[Opening Excerpted records section]

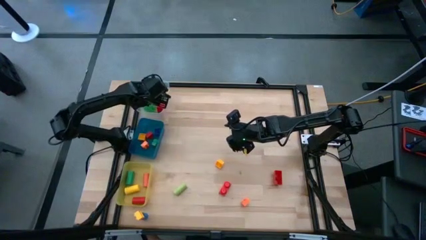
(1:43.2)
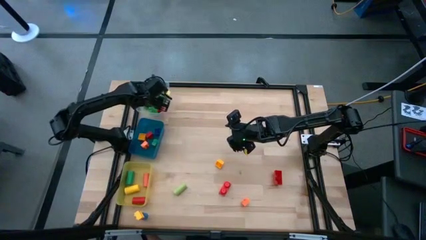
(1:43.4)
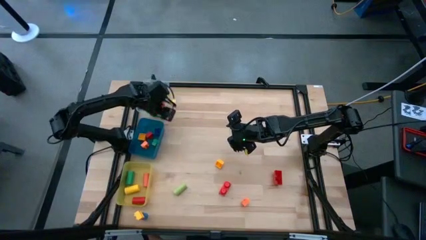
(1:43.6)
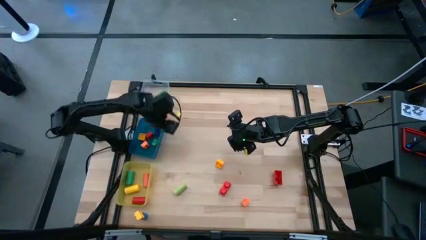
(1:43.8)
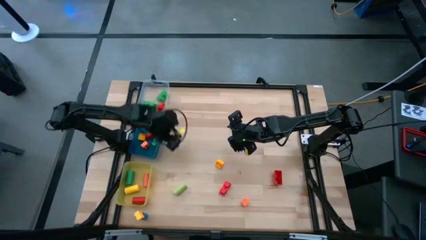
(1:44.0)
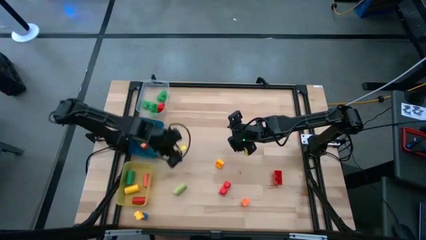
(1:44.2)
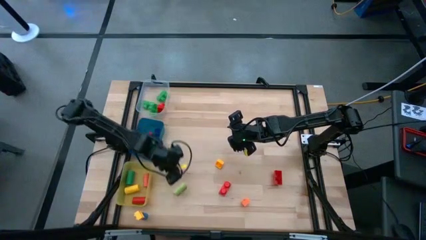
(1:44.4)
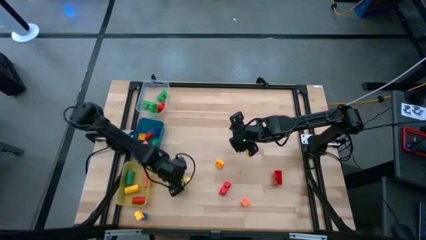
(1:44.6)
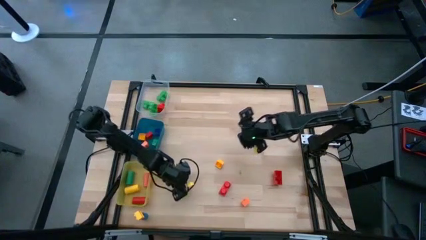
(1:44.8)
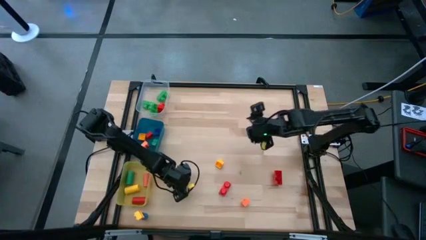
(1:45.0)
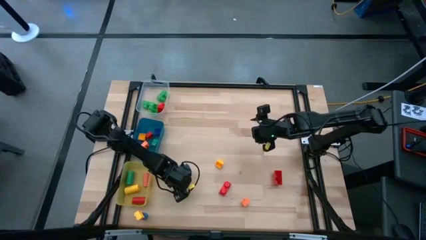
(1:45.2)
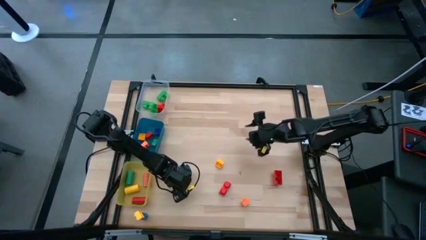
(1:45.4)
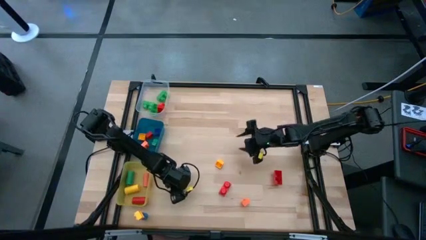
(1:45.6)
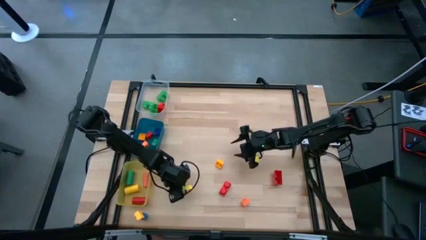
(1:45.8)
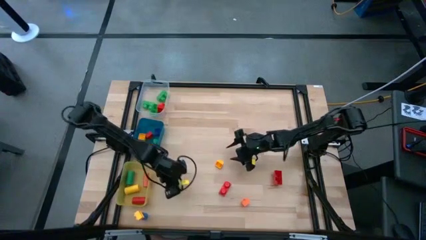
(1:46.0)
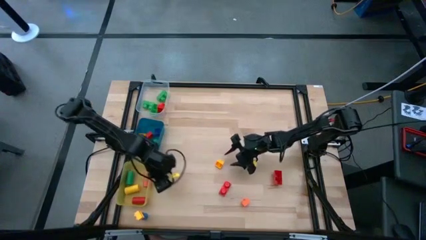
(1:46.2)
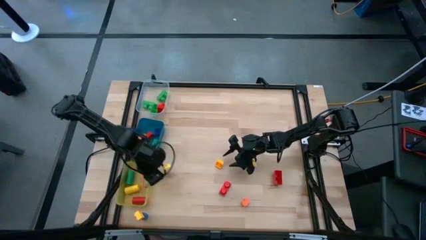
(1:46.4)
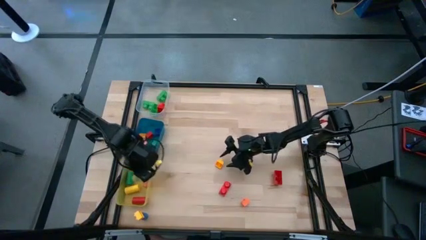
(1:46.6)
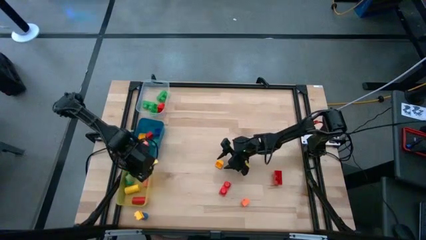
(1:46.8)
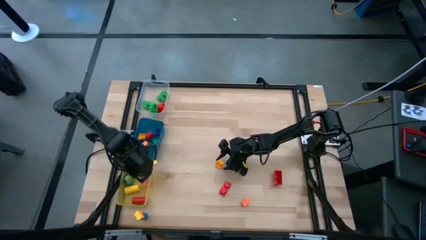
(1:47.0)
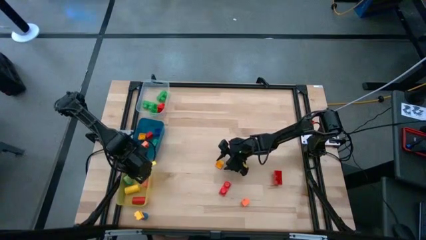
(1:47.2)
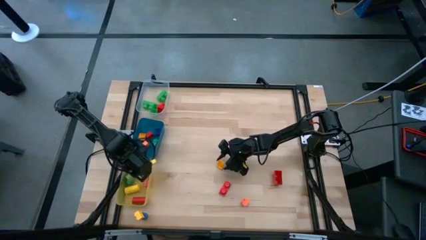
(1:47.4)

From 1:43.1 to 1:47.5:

[Closing Excerpted records section]

Repeat the data word for word, excluding any image.

(1:43.2)
(1:43.4)
(1:43.6)
(1:43.8)
(1:44.0)
(1:44.2)
(1:44.4)
(1:44.6)
(1:44.8)
(1:45.0)
(1:45.2)
(1:45.4)
(1:45.6)
(1:45.8)
(1:46.0)
(1:46.2)
(1:46.4)
(1:46.6)
(1:46.8)
(1:47.0)
(1:47.2)
(1:47.4)

From 1:43.1 to 1:47.5:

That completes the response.